Alumna Melanie Adams brings UMSL experience to new role as director of Anacostia museum

by | Jun 24, 2019

The College of Education alumna is excited to dive deep into the historic Anacostia neighborhood, which abolitionist Frederick Douglass once called home.
On Aug. 5, UMSL College of Education alumna Melanie Adams will start as director of the Anacostia Community, one of the 19 museums in the Smithsonian network. (Photo courtesy of Melanie Adams)

On Aug. 5, UMSL College of Education alumna Melanie Adams will start as director of the Anacostia Community Museum, one of the 19 museums in the Smithsonian network. (Photo courtesy of Melanie Adams)

An 11-year stint with the Missouri Historical Society gave University of Missouri–St. Louis education PhD alumna Melanie Adams a clear vision for her future.

Starting in 2005, Adams worked as managing director of community education and events for the MHS and the Missouri History Museum, overseeing more than 700 community programs annually. Adams prized the strong connection institutions such as the MHS and its museum can make with patrons.

“The Missouri Historical Society really is an anchor in the community,” Adams said. “I was able to explore issues that were relevant to the community like race, gender, equity. The exhibits we did there, the programs we did were powerful. We brought people to the museum to see their stories, which they never thought they would see. That’s where I saw the power of museums.”

On Aug. 5, Adams will start her new role as the director of the Anacostia Community Museum in Washington, D.C., one of the 19 museums in the prestigious Smithsonian network. She spent the past three years as deputy director of learning initiatives at the Minnesota Historical Society, where she developed community partnerships and managed 26 historic sites and museums throughout the state.

In her first role as director, Adams is excited to dive deep into the historic Anacostia neighborhood, which famed abolitionist Frederick Douglass once called home and which, since the 1960s, has been predominantly African American. She wants to tell its story.

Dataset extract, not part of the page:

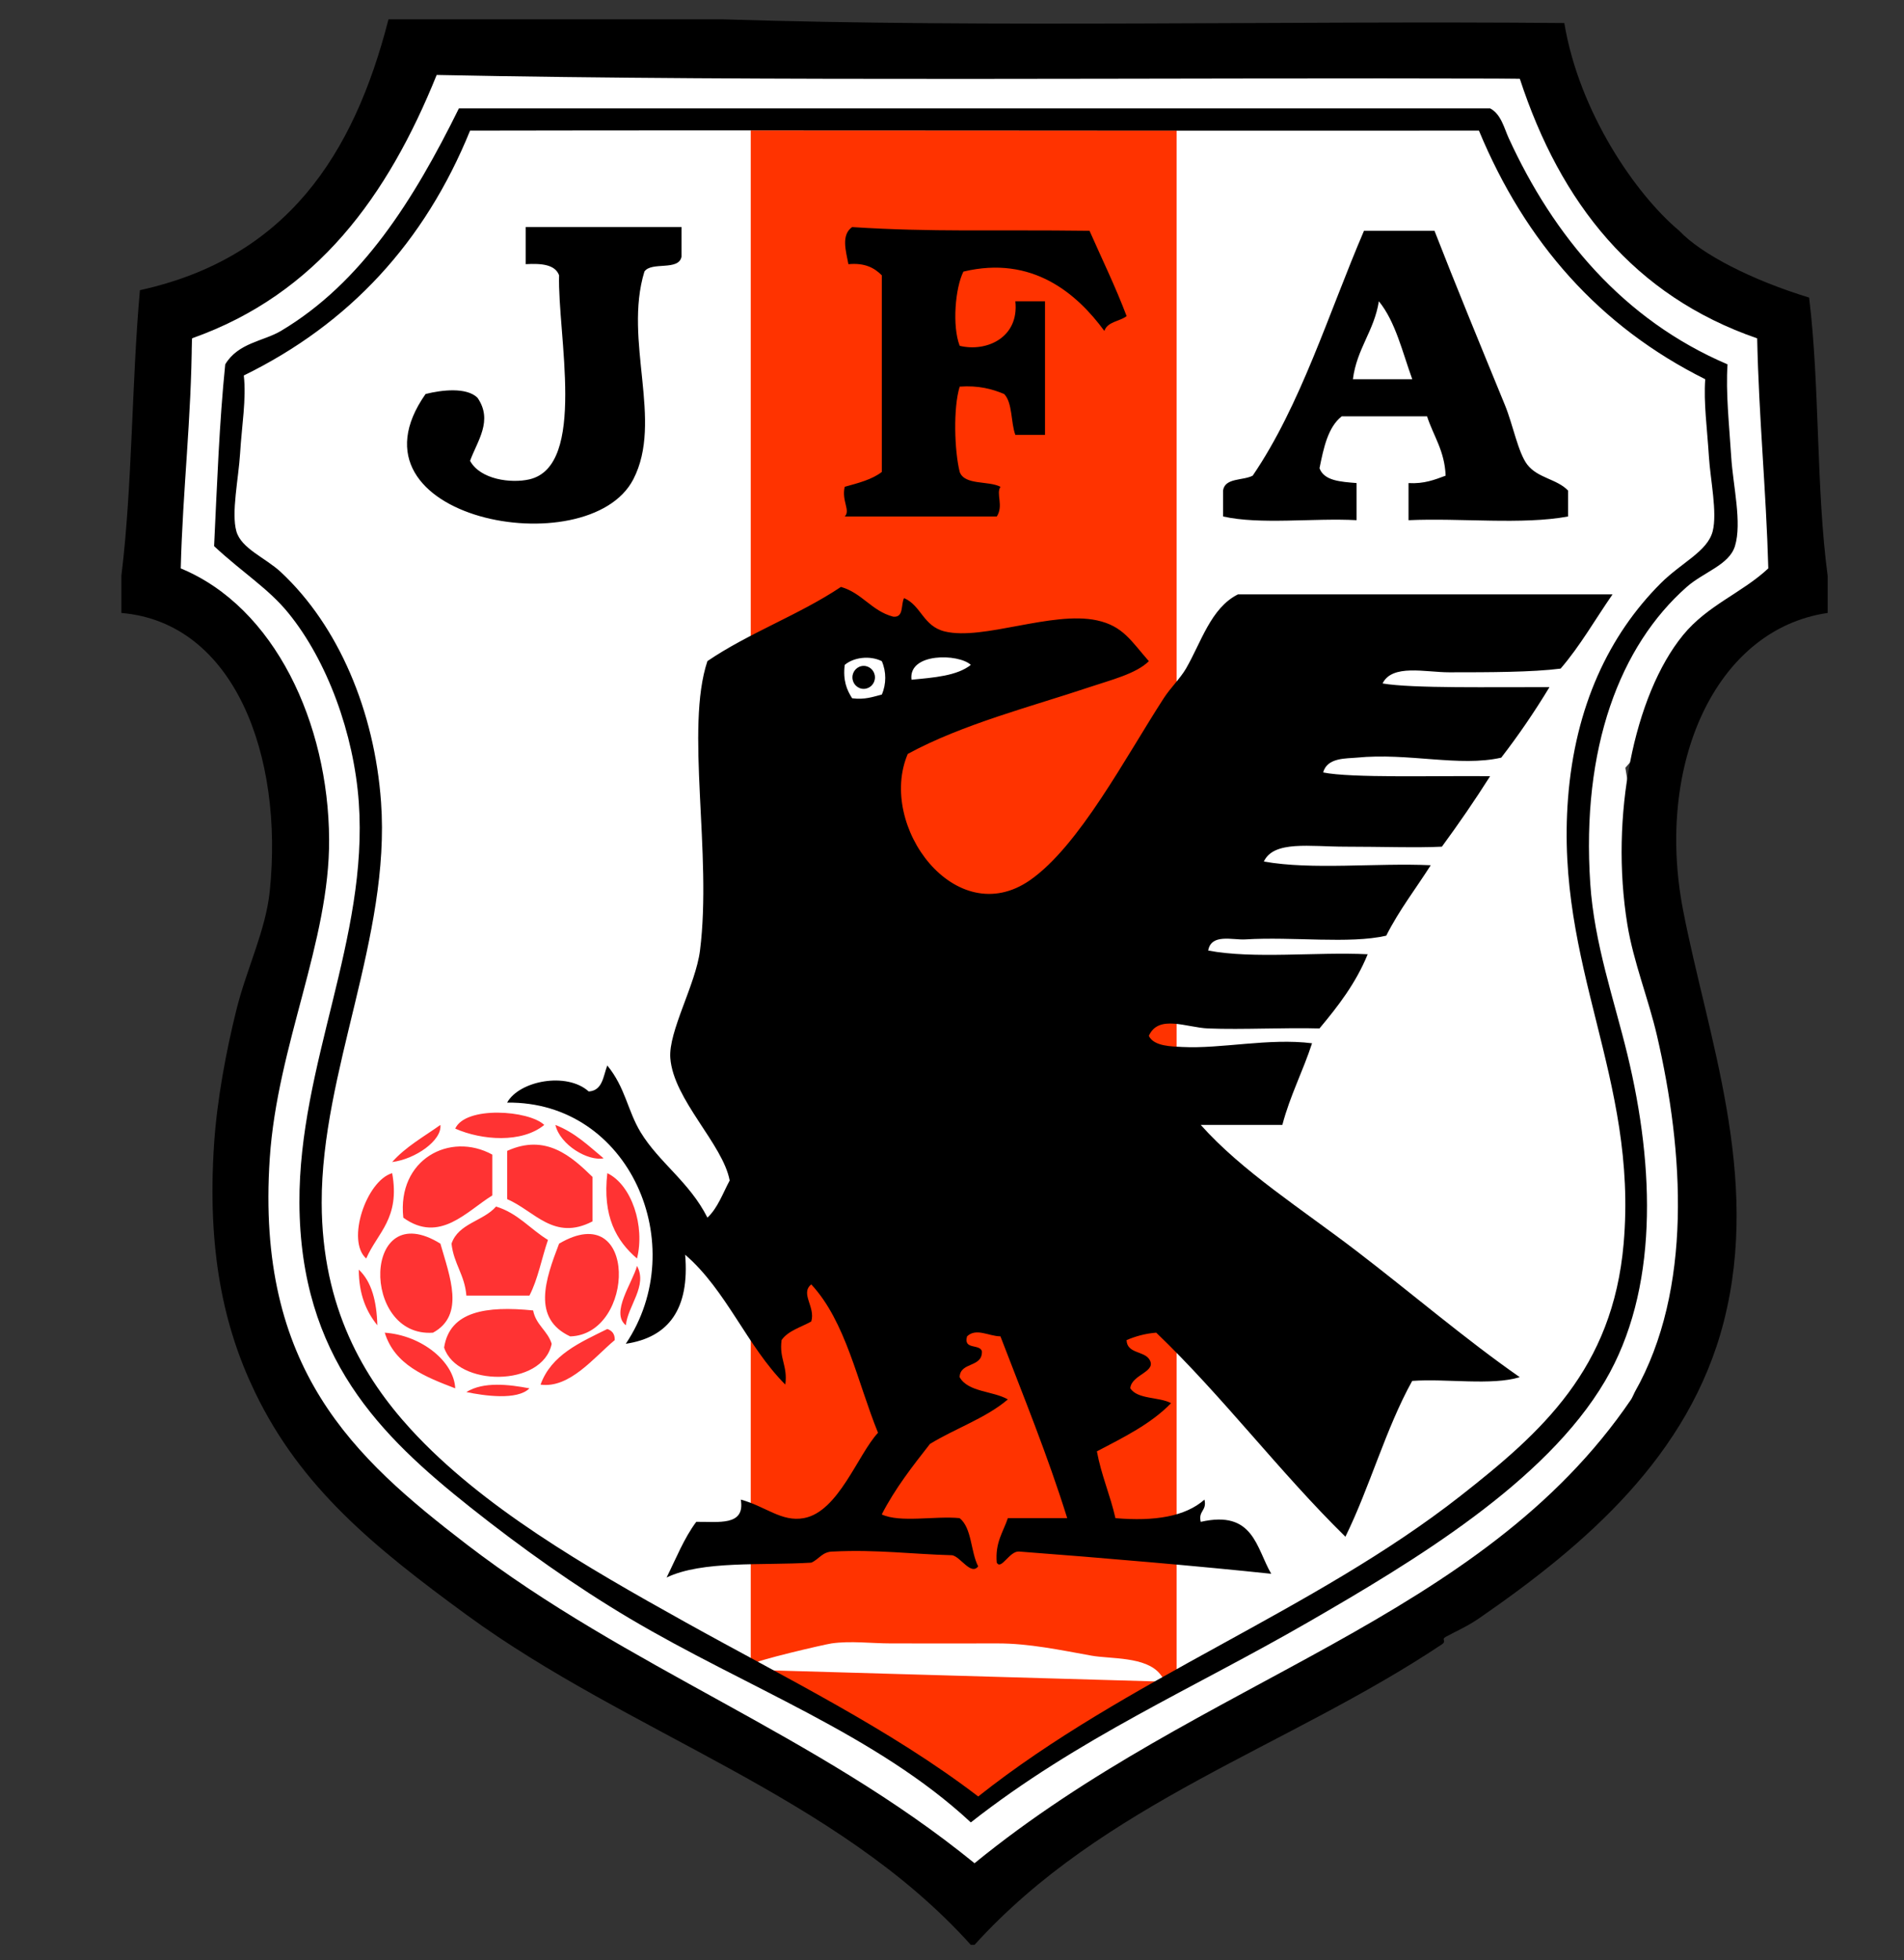 <svg xmlns="http://www.w3.org/2000/svg" width="196.56" height="202.32" viewBox="0 0 196.56 202.32"><rect x="0" y="0" width="196.56" height="202.32" fill="#333333" stroke="none"/><path fill-rule="evenodd" clip-rule="evenodd" fill="#fff" d="M100.03 196.455l63.533-41 11.334-18.723-2.667-30.277-4.434-27.21 14.767-17.034V35.12l-25.666-27-111.424-1-25.526 26.707-2.667 26.756 14.333 17.91-2.383 19.628-4.334 30.874 11.347 26.127z"/><g fill-rule="evenodd" clip-rule="evenodd" fill="#f30"><path d="M121.466 173.608l-43.963-1.262V13.46h43.963zM78.27 172.416c1.805 1.013 3.142 2.61 5.078 3.477 1.065.476 2.228.877 3.262 1.336 1.516.67 2.385 1.597 3.59 2.66.965.855 2.347 1.468 3.46 2.136 1.343.806 2.583 1.39 3.856 2.304.66.475 2.415 1.795 3.34 1.8.67.005 1.982-1.184 2.542-1.603 1.823-1.368 3.93-2.46 5.81-3.73 2.622-1.77 5.193-3.98 8.23-5.152 1.61-.622 3.78-1.056 2.327-2.856-1.482-1.836-5.102-1.543-7.1-1.904-3.15-.568-6.472-1.27-9.682-1.26-3.676.013-7.352 0-11.026 0-1.99 0-4.153-.285-6.113 0-.757.11-8.065 1.81-8.107 2.127"/></g><path fill-rule="evenodd" clip-rule="evenodd" fill="#fff" d="M85.45 65.913h15.298v7.712h-15.3z"/><g fill-rule="evenodd" clip-rule="evenodd"><path d="M47.38 11.185h106.454c1.13.593 1.45 2.05 1.915 3.063 4.622 10.094 11.807 18.756 22.592 23.358-.188 2.952.16 6.068.383 9.574.188 2.957 1.127 6.78.383 9.19-.6 1.946-3.217 2.66-4.978 4.212-6.888 6.074-10.898 16.595-9.957 30.634.414 6.177 2.457 11.955 3.83 17.615 2.86 11.8 3.193 24.36-2.298 33.7-6.166 10.483-19.842 18.66-30.635 24.89-11.93 6.887-23.738 11.96-34.847 20.678-9.71-9.043-23.243-13.95-35.23-21.06-5.596-3.32-11.133-7.252-16.466-11.488-9.227-7.335-17.54-15.448-17.615-31.4-.066-14.26 7.134-27.316 6.127-41.358-.506-7.045-3.245-14.585-7.276-19.53-2.068-2.535-4.624-4.076-7.66-6.892.304-6.335.536-12.74 1.15-18.764 1.334-2.233 3.957-2.383 5.744-3.446 8.367-4.976 13.728-13.553 18.38-22.975zm1.148 2.297C43.844 25.01 36.053 33.43 25.168 38.756c.276 2.407-.207 5.16-.382 8.042-.155 2.56-.926 6.135-.383 8.042.51 1.794 3.005 2.73 4.595 4.212 5.945 5.545 9.665 14.336 10.34 23.742.994 13.898-6.158 27.76-6.128 41.357.024 10.86 4.388 18.114 9.19 23.36 7.343 8.02 18.045 14.183 28.337 19.91 10.394 5.788 21.14 11.04 30.25 18 15.313-12.142 34.655-19.156 49.782-31.018 8.36-6.556 15.72-13.092 16.848-26.04 1.493-17.11-7.078-28.615-5.742-45.952.73-9.497 4.235-16.874 9.573-22.21 2.14-2.142 4.823-3.28 5.36-5.36.494-1.93-.238-5.354-.384-7.66-.19-3.02-.557-5.602-.384-8.04-10.903-5.435-18.568-14.11-23.36-25.658-36.037.032-69.533-.066-104.154 0zM70.355 23.44V26.5c-.29 1.497-3.107.466-3.83 1.53-2.187 7.17 1.98 15.41-1.148 21.446-4.625 8.93-30.52 4.12-21.444-8.808 1.663-.424 4.23-.72 5.36.384 1.63 2.352-.008 4.44-.765 6.51 1.045 1.937 4.24 2.352 6.127 1.914 5.958-1.383 2.887-15.01 3.063-21.062-.413-1.118-1.823-1.24-3.446-1.148v-3.83h16.083zM112.478 23.822c1.288 2.922 2.672 5.752 3.83 8.807-.722.555-1.99.562-2.298 1.53-2.828-3.85-7.425-7.837-14.552-6.126-.842 1.666-1.18 5.603-.384 7.66 2.78.674 6.154-.858 5.744-4.597h3.064v13.786h-3.064c-.48-1.308-.275-3.298-1.15-4.212-1.255-.53-2.67-.902-4.594-.764-.68 2.18-.548 6.604 0 8.807.516 1.4 2.954.876 4.213 1.532-.496.692.345 1.934-.383 3.064h-15.7c.625-.62-.342-1.603 0-3.065 1.4-.388 2.826-.748 3.83-1.532V28.417c-.764-.77-1.754-1.31-3.448-1.148-.27-1.41-.762-3.014.383-3.83 8.342.536 14.35.254 24.508.382zM148.09 23.822c2.144 5.51 4.727 11.78 7.276 17.998.823 2.01 1.355 4.896 2.298 6.127 1.08 1.41 3.054 1.477 4.213 2.68v2.682c-4.74.876-11.094.138-16.467.382v-3.83c1.623.092 2.71-.352 3.83-.766-.1-2.583-1.264-4.098-1.917-6.127h-8.807c-1.428 1.124-1.865 3.24-2.297 5.36.48 1.303 2.177 1.395 3.828 1.53v3.83c-4.484-.238-9.935.488-13.786-.382v-2.68c.2-1.334 2.062-1.003 3.063-1.533 4.963-7.29 7.81-16.698 11.488-25.273h7.277zm-8.423 15.317h6.127c-1.02-2.81-1.727-5.933-3.447-8.043-.492 3.083-2.274 4.875-2.68 8.042zM92.182 63.647c1.162.14.795-1.248 1.15-1.915 1.774.76 1.964 2.906 4.21 3.446 3.965.953 11.07-2.15 15.7-1.148 2.686.58 3.517 2.114 5.36 4.212-1.293 1.298-3.964 1.955-6.125 2.68-5.85 1.964-13.122 3.816-18.764 6.894-3.16 7.425 4.953 18.39 12.637 13.02 5.062-3.536 9.83-12.653 13.785-18.763.704-1.087 1.715-2.058 2.3-3.063 1.583-2.733 2.565-6.256 5.36-7.66h38.675c-1.78 2.562-3.35 5.332-5.36 7.66-2.917.375-7.327.382-11.488.382-2.486 0-5.893-.885-6.893 1.15 3.1.532 11.328.358 17.23.382-1.54 2.544-3.197 4.972-4.978 7.276-4.308.986-9.59-.532-14.935 0-1.025.102-3.05-.033-3.446 1.53 2.923.588 11.44.328 17.232.384-1.582 2.502-3.25 4.92-4.978 7.275-2.525.13-6.336 0-9.957 0-3.67 0-7.394-.66-8.424 1.532 4.98.892 11.614.128 17.23.382-1.536 2.42-3.27 4.643-4.595 7.275-3.812.872-9.623.08-14.55.382-1.312.08-3.523-.634-3.83 1.15 4.724.89 11.104.127 16.466.382-1.22 2.99-3.058 5.365-4.978 7.658-3.467-.107-7.955.14-11.488 0-2.235-.09-5.132-1.48-6.128.766.513 1.092 2.375 1.093 3.447 1.148 3.986.21 8.97-.944 13.402-.382-.94 2.89-2.268 5.392-3.065 8.425h-8.424c4.252 4.777 10.392 8.66 16.085 13.018 5.63 4.308 11.22 9.097 16.848 13.02-2.938.892-7.528.13-11.104.384-2.734 4.926-4.37 10.95-6.895 16.083-6.828-6.703-12.622-14.438-19.53-21.062-1.18.094-2.164.388-3.062.766.04 1.366 1.685 1.124 2.297 1.914.993 1.368-1.8 1.596-1.914 3.063.755 1.16 2.963.867 4.213 1.532-2.07 2.144-4.897 3.527-7.66 4.977.46 2.478 1.373 4.5 1.915 6.893 4.05.35 7.23-.173 9.19-1.914.276 1.172-.66 1.127-.384 2.297 5.468-1.254 5.724 2.703 7.277 5.36-7.152-.76-17.49-1.655-26.04-2.297-.986-.062-1.84 1.95-2.297 1.148-.18-2.095.67-3.157 1.148-4.595h6.127c-2.034-6.52-4.523-12.583-6.893-18.765-1.192-.003-2.496-.906-3.446 0-.403 1.424 1.29.75 1.532 1.532.073 1.734-2.247 1.07-2.3 2.68.867 1.56 3.44 1.413 4.98 2.298-2.274 1.938-5.43 2.995-8.042 4.596-1.794 2.29-3.59 4.58-4.978 7.276 1.92.89 5.485.132 8.04.383 1.277 1.02 1.13 3.466 1.916 4.978-.746.967-1.806-.977-2.68-1.148-4.104-.11-7.82-.605-12.254-.384-1.166-.017-1.49.81-2.298 1.148-5.174.315-11.214-.236-14.935 1.532.976-1.96 1.805-4.066 3.063-5.744 2.264-.034 5.074.48 4.596-2.297 2.593.71 4.2 2.332 6.51 1.914 3.574-.646 5.57-6.573 7.658-8.81-2.14-5.263-3.326-11.48-6.893-15.316-1.17.95.46 2.325 0 3.83-1.06.597-2.376.94-3.062 1.914-.267 1.926.65 2.67.383 4.596-3.954-3.96-6.085-9.742-10.338-13.402.47 5.575-1.68 8.53-6.127 9.19 6.803-10.133.423-25.05-12.254-24.89 1.262-2.265 6.154-3.19 8.425-1.15 1.44-.092 1.493-1.57 1.915-2.68 1.87 2.267 2.088 4.658 3.446 6.893 1.9 3.127 5.043 5.133 6.893 8.808 1.06-.983 1.584-2.5 2.297-3.83-.69-3.752-5.804-8.34-6.127-12.637-.208-2.757 2.617-7.573 3.064-11.105 1.264-9.998-1.553-22.937.765-29.868 4.248-2.898 9.507-4.79 13.785-7.658 2.187.625 3.154 2.47 5.367 3.063zm-4.977 4.978c-.196 1.6.213 2.594.766 3.446 1.317.168 2.147-.15 3.064-.382.472-1.083.472-2.364 0-3.447-1.266-.624-2.927-.384-3.83.385zm6.893 1.532c2.33-.222 4.708-.398 6.126-1.532-1.254-1.173-6.478-1.28-6.126 1.532z"/><g fill="#f33"><path d="M56.57 127.98c-.654 1.898-1.038 4.067-1.915 5.743h-6.51c-.162-2.136-1.31-3.285-1.532-5.36.703-2.105 3.295-2.32 4.595-3.83 2.255.68 3.535 2.337 5.362 3.446zM56.187 116.11c-2.312 1.893-6.43 1.594-9.19.38 1.048-2.36 7.602-1.907 9.19-.38zM45.465 116.11c.18 1.59-2.585 3.534-4.98 3.827 1.377-1.56 3.262-2.61 4.98-3.828zM57.336 116.11c2.025.78 3.443 2.172 4.978 3.444-1.607.322-4.49-1.375-4.978-3.445zM50.826 119.172v4.213c-2.64 1.62-5.438 5.007-9.19 2.298-.657-6.028 4.823-8.908 9.19-6.51zM61.165 121.47v4.595c-3.98 2.068-5.973-1.08-8.808-2.297v-4.98c3.996-1.82 6.654.583 8.808 2.683zM40.486 121.087c.843 4.672-1.52 6.137-2.68 8.808-2.087-1.83.024-8.04 2.68-8.808zM62.697 121.087c2.526 1.216 3.905 5.483 3.063 8.808-2.13-1.827-3.574-4.34-3.063-8.808zM45.465 128.362c.957 3.367 2.578 7.378-.766 9.19-7.466.532-7.29-14.188.765-9.19zM58.867 137.936c-3.968-1.85-2.578-5.85-1.15-9.573 8.165-4.815 7.896 9.367 1.15 9.573zM65.76 130.66c1.126 2.03-.958 4.14-1.148 6.126-1.626-1.286.716-4.428 1.148-6.126zM37.04 131.044c1.32 1.232 1.848 3.258 1.915 5.742-1.143-1.41-1.912-3.194-1.915-5.742zM55.038 135.256c.286 1.5 1.494 2.08 1.915 3.445-.93 4.51-9.784 4.443-11.105.385.577-3.762 4.364-4.316 9.19-3.83zM62.697 137.17c.47.168.786.49.766 1.148-2.117 1.752-4.64 5.008-7.66 4.596 1.12-3.094 4.08-4.345 6.894-5.744zM39.72 137.553c3.848.272 7.153 3.012 7.276 5.744-3.138-1.202-6.252-2.428-7.275-5.744zM54.655 143.297c-1.234 1.263-4.7.766-6.51.383 1.765-1.1 4.4-.785 6.51-.383z"/></g><path d="M74.567 1.995c28.21.894 58.08.127 86.926.383 1.522 9.2 7.388 17.708 11.87 21.444 2.277 2.42 7.48 5.08 13.402 6.893 1.115 9.097.706 19.718 1.915 28.72v3.83c-11.655 1.695-17.804 15.75-14.935 30.634 2.53 13.116 8.063 27.436 4.213 42.506-3.557 13.914-14.39 23.12-25.274 30.634-1.226.847-2.594 1.44-3.445 1.914-.493.273.147.41-.384.766-15.89 10.6-34.94 16.326-48.25 31.018h-.383c-13.915-15.46-35.165-21.708-52.08-34.08-9.5-6.95-17.07-13.098-21.826-22.977-3.236-6.72-4.95-14.644-4.212-25.655.3-4.483 1.232-9.493 2.298-13.785 1.063-4.282 3.027-8.19 3.446-12.254 1.447-14.024-3.667-27.735-15.318-28.72v-3.83c1.145-9.32 1.052-19.88 1.915-29.485C29.56 26.63 36.515 16.025 40.104 1.998c11.488-.002 22.976-.002 34.463-.002zm-54.76 32.932c-.046 8.25-.942 15.65-1.148 23.74 9.715 4.01 15.247 15.993 15.317 27.955.062 10.592-5.342 21.22-6.127 32.932-1.458 21.742 8.707 30.92 20.295 39.825 16.7 12.83 36.08 19.588 52.462 32.932 23.524-19.192 52.25-25.023 67.78-47.867.124-.185.317-.652.382-.766 6.003-10.6 5.058-24.848 2.297-36.763-.895-3.856-2.43-7.61-3.063-11.488-1.82-11.152.673-23.668 5.743-29.87 2.553-3.12 6.076-4.34 8.808-6.893-.227-8.07-.98-15.615-1.15-23.74-12.71-4.394-20.29-13.916-24.507-26.807-37.523-.12-77.386.324-111.816-.38-5.03 12.457-12.347 22.626-25.274 27.187z"/><ellipse cx="89.163" cy="69.915" rx="1.163" ry="1.186"/></g></svg>

“I was attracted to the mission,” Adams said. “It reflects both the work I did when I was in Missouri as well as the work around my PhD in looking at urban communities. It was just the perfect combination of everything I really enjoyed doing.”

Adams finished her dissertation, titled “Advocating For Educational Equity: African American Citizens’ Councils in St. Louis, Missouri, From 1864 To 1927” in 2014. Working through the College of Education with her advisor, Associate Professor Matthew Davis, she explored the effort the city’s African American leaders had to exert to secure educational opportunities through the founding of institutions such as Sumner High School in 1875 and Vashon High School in 1927.

“What I wanted to show was African Americans advocating for their own schools,” Adams said. “In one of the newspaper articles, they talked about how the school board gave them a school. I remember that just rubbed me the wrong way. No one gave them a school. They fought for the school. They petitioned the board for this. It was an opportunity to talk about African American agency and how important that was in terms of education in St. Louis. A lot of lessons learned in those early years are still relevant in today’s system.”

Adams was able to apply that knowledge in her role as part of the three-member Special Administrative Board, which the Missouri State Board of Education convened in 2007 to govern Saint Louis Public Schools after the district lost its accreditation.

She served on the board for nine years before moving on to Minnesota. Her time on the board, in tandem with her role at the MHS, helped embed her in the community.

“Public service is one of the best educators out there,” Adams said. “That allowed me to learn about community concerns in a way that, if you’re not sitting in that type of public seat, you wouldn’t always have. It taught me about politics, good and bad. That really was one of the best learning experiences.”

Adams expects her first few months in D.C. to be a time of listening to and learning from the community. The Anacostia is without a physical home until October as it undergoes renovations, but the museum is taking its current exhibit – “A Right to the City” – around to five different DC Public Library branches in the interim.

It’s a blessing in disguise: a way to bring the museum to the people it serves. Adams hopes to use her experience and the theories she studied at UMSL to continue that accessibility once the Anacostia moves back to its permanent spot.

“The PhD program allowed me to look at things through a very different lens,” Adams said. “It’s looking at the exhibits we create in terms of whose story we decide to center. Is it centered around one particular group, or are we telling that story in a way that’s more nuanced and able to bring a variety of narratives into that story? Are we allowing voices of color from the community to have equal weight with others? It has allowed me to look at things through more of a lens of racial equity.”